A última reunião do Copom foi a pá de cal para este cenário: o “doutor” Felipe Guerra, da Legacy Capital, definiu em entrevista ao Neofeed que a decisão provocou um “bear steepening”, que é quando os juros abrem como um tudo, com a curva inclinando. Isso porque o BC foi “hawkish” (ao cortar a Selic em apenas 0,25 p.p.) e ao mesmo tempo que a expectativa para a inflação piorou. Esse choque foi mortal para o já morimbundo bull market.

Escoamento de liquidez para substâncias viciantes 

Paralelo a esses dois eventos acima, a paciente já sofria com a saída de glóbulos para uma substância que atacava em cheio a renda variável. Essa substância é de difícil combate pois ela apresenta muitas características capazes de tornar seu usuário dependente: isenção de imposto de renda, liquidez relativamente alta e boa remuneração. 

Essas substâncias são conhecidas pelas suas siglas (CRI, CRA, LCI e LCA) e contam com o empurrão de agentes externos para chegar ao usuário final. Algumas medidas recentes foram tomadas para reduzir o efeito desses sintéticos no organismo, mas a frustração Selicana infelizmente ofuscou isso tudo, levando a paciente ao óbito antes dos efeitos positivos aparecerem.

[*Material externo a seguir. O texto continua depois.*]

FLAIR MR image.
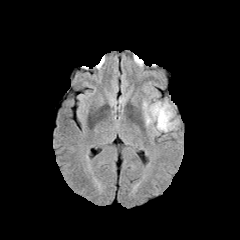
T1-weighted MRI.
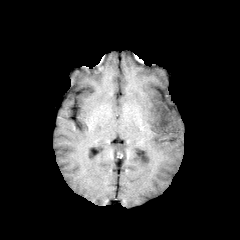
Post-contrast T1-weighted MR image.
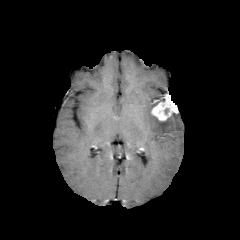
T2-weighted MRI.
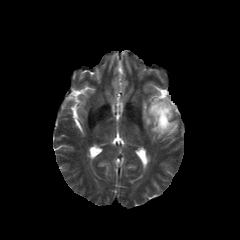
Brain; 240x240
The edema appears at [143, 101, 179, 135]. The non-enhancing tumor core is bounded by [153, 116, 168, 126]. The enhancing tumor is at [150, 97, 176, 120].

Hemorragia de resgates de investimentos na região dos fundos

A Selic alta e os vários produtos incentivados têm provocado um sangramento na região dos fundos, que ainda se agravou pelo quadro de baixa performance que estes fundos estão apresentando, principalmente na região multimercado. Estima-se que centenas de bilhões de glóbulos reais foram evacuados destes fundos nos últimos dois anos – e a sangria continua.

Auto penitência no lado esquerdo do peito por acreditar em quem não devia

Um quadro que dificilmente causaria o óbito da paciente, mas a combinação de todos os fatores fez com que esse fosse a gota d’água. A paciente acreditou que sua própria recuperação poderia vir de uma maior disciplina fiscal por parte do governo, após bons sinais emitidos ao longo de 2023. Contudo, a sucessão de anúncios em 2024 fez a bolsa se auto penitenciar. Já debilitada, teve seu óbito confirmado na última semana.

O velório da bolsa aconteceu na segunda-feira (13 – sugestivo) após o fechamento do pregão. A cerimônia será conduzida por todas as celebridades da “fintwit”, anônimas ou públicas, que já sabiam que tudo isso iria acontecer pois proferiam “faz o L” a torto e a direito – embora não se tenha notícia de que nenhuma delas ficou rica apostando contra o Brasil nesse período.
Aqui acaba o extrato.